I found a copy of that book during my great weekend book-sorting adventure (there’s a 15-year-old in the apartment). Novels had been alphabetized by author back when we moved in 18 months ago, so it wasn’t hard to find a home for it. My problem was that I also have hundreds of economics, finance and business books that I like to consult when I’m writing, and I’d been having a terrible time finding them when I needed them. So I pulled all of them off the shelves, stacked them in piles by author’s last name, then reshelved. Now I can find my copy of, say, “Zipper: An Exploration in Novelty” by Robert Friedel in a jiffy.

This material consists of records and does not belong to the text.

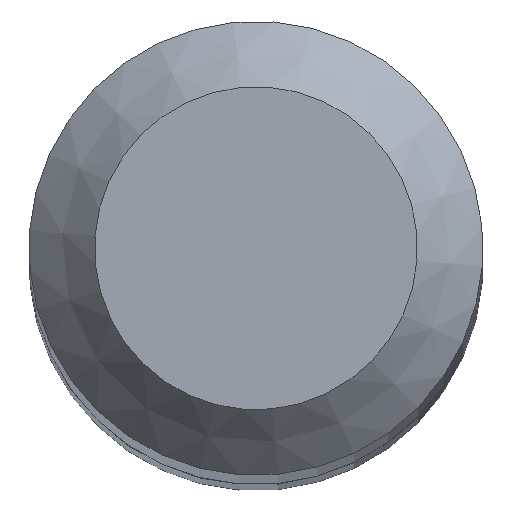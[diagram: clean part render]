
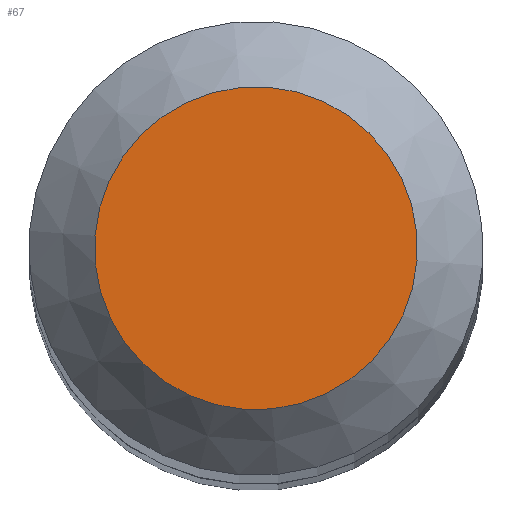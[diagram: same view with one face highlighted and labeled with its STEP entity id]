
A CAD part, top view. The second image highlights one B-rep face of the part: STEP entity #67.
In plain terms, the highlighted planar face has unit normal (0, 0, 1).
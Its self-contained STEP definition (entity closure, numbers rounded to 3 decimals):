
#67=ADVANCED_FACE('',(#74),#71,.F.);
#71=PLANE('',#174);
#74=FACE_OUTER_BOUND('',#88,.T.);
#88=EDGE_LOOP('',(#102));
#102=ORIENTED_EDGE('',*,*,#118,.T.);
#111=VERTEX_POINT('',#248);
#118=EDGE_CURVE('',#111,#111,#125,.T.);
#125=CIRCLE('',#172,0.804);
#172=AXIS2_PLACEMENT_3D('',#247,#208,#209);
#174=AXIS2_PLACEMENT_3D('',#250,#212,#213);
#208=DIRECTION('',(0.,0.,1.));
#209=DIRECTION('',(0.249,0.969,0.));
#212=DIRECTION('',(0.,0.,-1.));
#213=DIRECTION('',(-0.249,-0.969,0.));
#247=CARTESIAN_POINT('',(0.,0.,0.));
#248=CARTESIAN_POINT('',(0.2,0.779,0.));
#250=CARTESIAN_POINT('',(-0.779,0.2,0.));
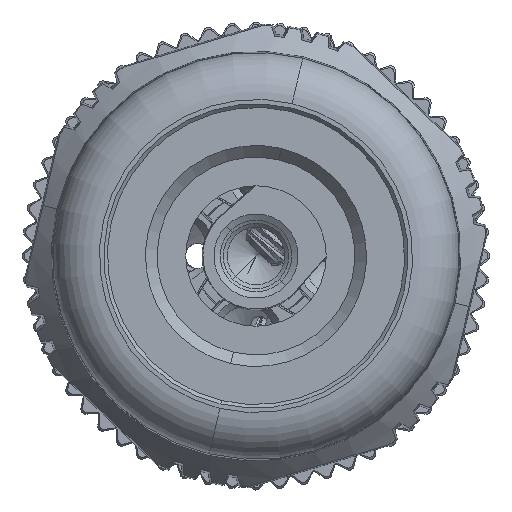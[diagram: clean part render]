
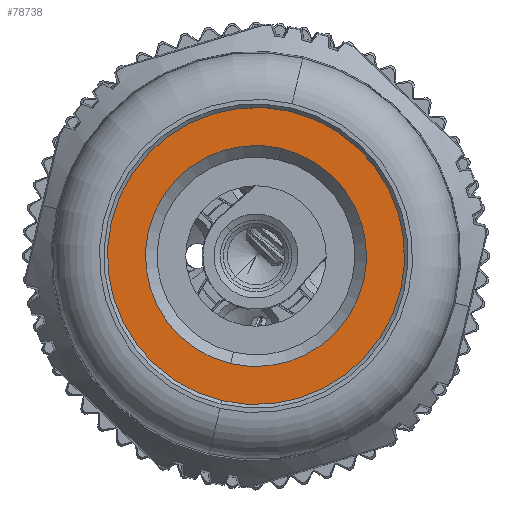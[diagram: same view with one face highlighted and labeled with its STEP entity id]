
A CAD part, front view. The second image highlights one B-rep face of the part: STEP entity #78738.
In plain terms, the highlighted planar face has unit normal (0, -1, 0).
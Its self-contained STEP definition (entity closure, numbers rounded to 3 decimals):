
#26837=CARTESIAN_POINT('',(0.,-50.9,0.));
#26838=DIRECTION('',(0.,1.,0.));
#26839=DIRECTION('',(-0.23,0.,-0.973));
#26840=AXIS2_PLACEMENT_3D('',#26837,#26838,#26839);
#26842=CARTESIAN_POINT('',(0.,-50.9,0.));
#26843=DIRECTION('',(0.,1.,0.));
#26844=DIRECTION('',(0.23,0.,0.973));
#26845=AXIS2_PLACEMENT_3D('',#26842,#26843,#26844);
#26847=CARTESIAN_POINT('',(0.,-50.9,0.));
#26848=DIRECTION('',(0.,-1.,0.));
#26849=DIRECTION('',(0.23,0.,0.973));
#26850=AXIS2_PLACEMENT_3D('',#26847,#26848,#26849);
#26852=CARTESIAN_POINT('',(0.,-50.9,0.));
#26853=DIRECTION('',(0.,-1.,0.));
#26854=DIRECTION('',(-0.23,0.,-0.973));
#26855=AXIS2_PLACEMENT_3D('',#26852,#26853,#26854);
#45917=CARTESIAN_POINT('',(1.461,-50.9,6.18));
#45918=VERTEX_POINT('',#45917);
#45919=CARTESIAN_POINT('',(-1.461,-50.9,-6.18));
#45920=VERTEX_POINT('',#45919);
#45921=CARTESIAN_POINT('',(1.087,-50.9,4.598));
#45922=CARTESIAN_POINT('',(-1.087,-50.9,-4.598));
#45923=VERTEX_POINT('',#45921);
#45924=VERTEX_POINT('',#45922);
#78723=CARTESIAN_POINT('',(0.,-50.9,0.));
#78724=DIRECTION('',(0.,-1.,0.));
#78725=DIRECTION('',(-0.23,0.,-0.973));
#78726=AXIS2_PLACEMENT_3D('',#78723,#78724,#78725);
#78727=PLANE('',#78726);
#78728=ORIENTED_EDGE('',*,*,#78703,.T.);
#78729=ORIENTED_EDGE('',*,*,#78717,.T.);
#78730=EDGE_LOOP('',(#78728,#78729));
#78731=FACE_OUTER_BOUND('',#78730,.F.);
#78733=ORIENTED_EDGE('',*,*,#78732,.T.);
#78735=ORIENTED_EDGE('',*,*,#78734,.T.);
#78736=EDGE_LOOP('',(#78733,#78735));
#78737=FACE_BOUND('',#78736,.F.);
#78738=ADVANCED_FACE('',(#78731,#78737),#78727,.T.);
#26841=CIRCLE('',#26840,6.35);
#26846=CIRCLE('',#26845,6.35);
#26851=CIRCLE('',#26850,4.725);
#26856=CIRCLE('',#26855,4.725);
#78703=EDGE_CURVE('',#45920,#45918,#26841,.T.);
#78717=EDGE_CURVE('',#45918,#45920,#26846,.T.);
#78732=EDGE_CURVE('',#45923,#45924,#26851,.T.);
#78734=EDGE_CURVE('',#45924,#45923,#26856,.T.);

This book is actually a good example because it isn’t available as an ebook. There is a copy in, strangely, the Mathematics Library at Columbia University, which isn’t far from my apartment. But still, if I wake up some morning and feel compelled to write a column that involves the zipper industry or maybe just innovation in general, it will be really nice to have that book right there in the “F” section, just left of the collected works of Milton Friedman. At least, that’s what I tell myself. It’s also helpful that books are seen as an appropriate wall-covering.

None of this is true of magazines and newspapers. They look bad stacked all over the family room, and they don’t lend themselves to search and retrieval. Almost all of them now also come in online versions where articles are easy to search and retrieve. As a result, they go out the door much more quickly than they used to. If a magazine is more than two months (or weeks in case of a weekly) old, it’s gone, with maybe a quick look at the table of contents to see if there are any stories worth saving to Pocket for reading later on the subway. The New Yorker still gets special treatment, as we put it in piles to be read later. But since those piles almost never actually are read, they’re usually out the door within a couple of months too. Bon Appetit gets stacked on a shelf below the cookbooks for a year or so and then thrown out. Newspapers of course have an even shorter shelf life, although the Book Review and Wednesday food section of the New York Times sometimes get a reprieve of a week or two.

On the plus side, my family and I are still paying for magazines and newspapers – as are lots of other people, apparently. We’re just ever less likely to see the ads in them.

There was also a quick trip to the Jersey Shore, but we only stayed for three hours. These are nominal dollars – that is, not adjusted for inflation or deflation. The reason I went with them is that by trying to correct for deflation as media products shift to cheaper digital versions, the BEA’s adjusted numbers can show spending increases even where fewer dollars are being spent. The numbers in the chart are seasonally adjusted, though. I have yet to actually consult this book in my work. But it’s going to happen someday, I’m sure.